Big Data _are we ready for it_Codespring 2014Certainly, most of us are already used to provide basic data, to handle some data, to gather specific data, to share data, to analyze data or to interpret data.  Suddenly, we have just realized that the unit measure of the data handled in a given amount of time reaches the order of exabytes.  This data is not only big in volume, but is also extremely diverse and it moves at incredible speeds.

What about the information in the Data? Who can have access to it? What can they do with it? – These are just some of the questions arising when speaking about Big Data.

Getting mobile, switching to the cloud, being active on the social media – all these behaviors engender creation, sharing and circulation of data. At this point, we doubt our understanding of the implications of this phenomenon and we will try to highlight some aspects related to it.

What does Big Data actually mean?

At first sight we can describe Big Data as very large and complex data sets, impossible or hard to handle with classic data processing tools. The expression itself is being used as it originated from English; we must note that French specialists are currently translating it as “grosses données” (big data) or “données massives” (massive data) or even “datamasse” (datamass) as in “biomass”. The novelty of the concept and the blurred definition lines prevent the localization of the term.

In 2012, Gartner (that has somehow contoured the term in the early 2000’s) has updated the definition: “Big data is high volume, high velocity, and/or high variety information assets that require new forms of processing to enable enhanced decision making, insight discovery and process optimization.

The above definition outlines the dimesnions of Big Data – the well-known 3Vs – volume, velocity, variety. Yet, the great thing about this formulation is that it opens multiple perspectives on the Big Data concept. We may note a technology view, a process view and a business view.

The opportunities

When dealing with a completely new size level, the capture, the storage, the research, the distribution, the analysis and the visualization of data must be redefined. The perspective of handling big data are enormous and yet unsuspected!

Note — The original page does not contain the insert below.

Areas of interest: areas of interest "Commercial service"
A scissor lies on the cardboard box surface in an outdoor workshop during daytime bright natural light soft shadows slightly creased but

It is often recalled the possibility to explore information shared in the media, to acquire knowledge and to assess, to analyze trends and to issue forecasts, to manage risks of all kind (commercial, of insurance, industrial, natural) and phenomena of all kind (social, political, religious, etc.). In geodynamics, meteorology, medicine and other explorative fields – big data is ought to improve the way the processes are being deployed and the data interpreted.

Big Data Management

One of biggest challenges at the time being is to build the proper tools and systems to manage big data. As real-time ore near-real time information delivery is one of the key features of big data analytics, the research aim to set-up data base management systems able to correspond to the new requirements.

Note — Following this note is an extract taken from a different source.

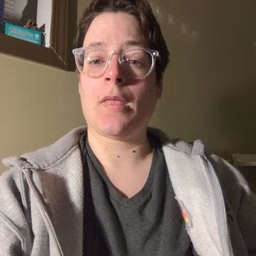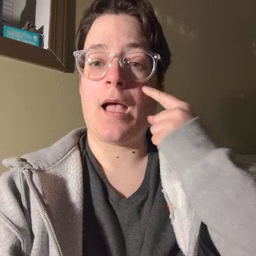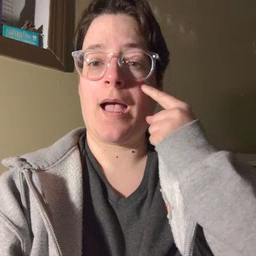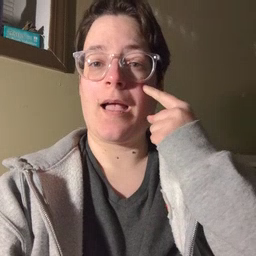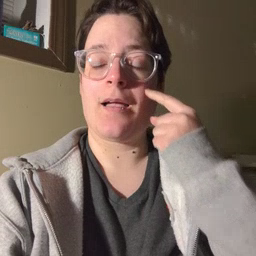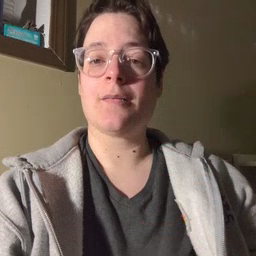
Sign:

The technology in progress involves the following:

Storage: For the storage and retrieval of data, the underlying NoSQL developments are best represented by MongoDB, DynamoDB, CouchBase, Cassandra, Redis and Neo4j. Currently they are known as the most performing document, key value, column, graph and distributed databases.

Software: The Apache Hadoop set counts Cloudera, HortonWorks and MapR.  Their main goal is to expand the usage of big data platforms to a more diverse and capacious user range. Secondly these technologies focus on increasing the reliability of big data platforms, to enhance the capability of managing them and their performance features.

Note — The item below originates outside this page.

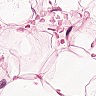
Metastatic tissue present: no
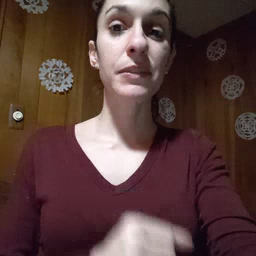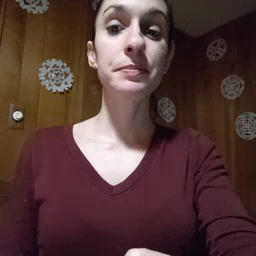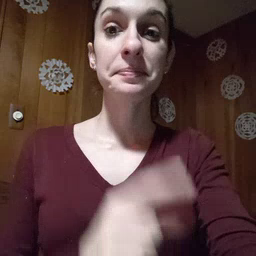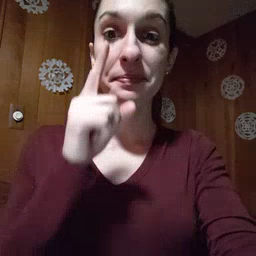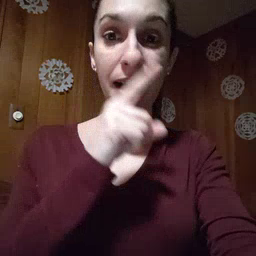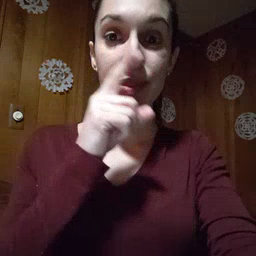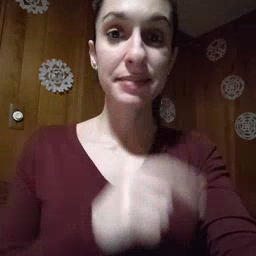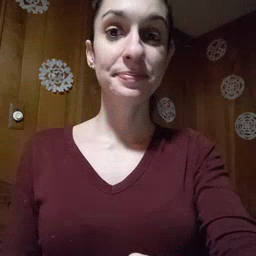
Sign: mouse

Data Exploration and Discovery:  Big data analytic discovery is a hot research and innovation topic.  Major developments have been done by Datameer, Hadapt, Karmasphere, Platfora or Splunk.

Operating Big Data

The hard talks also get to the question: who will define data categories? Who will structure the shape of analytics? Inevitably this will be a man-owned job and it will belong to the new “data scientists”. These will be prepared specialists able to handle data for a specific field. Some will have a certain business domain expertise able to ask the right questions, while others will have technology expertise able to understand the limitations of software and hardware.

The Big Data Readiness

 At this point a few points must be stressed out: there are already active research initiatives on how to better handle complex, fast and large amount of data; the explosion of user generated data is due to our way of embracing social media platforms and M2M technologies; a new generation of specialists is on the rise; from an ethical and legislative point of view there are still many questions to be answered.

Probably the vast majority of people involved in the big data phenomenon do not understand it clearly yet. As it is still unclear what we are facing it is less probable to state that we are ready for it.  (D.C.)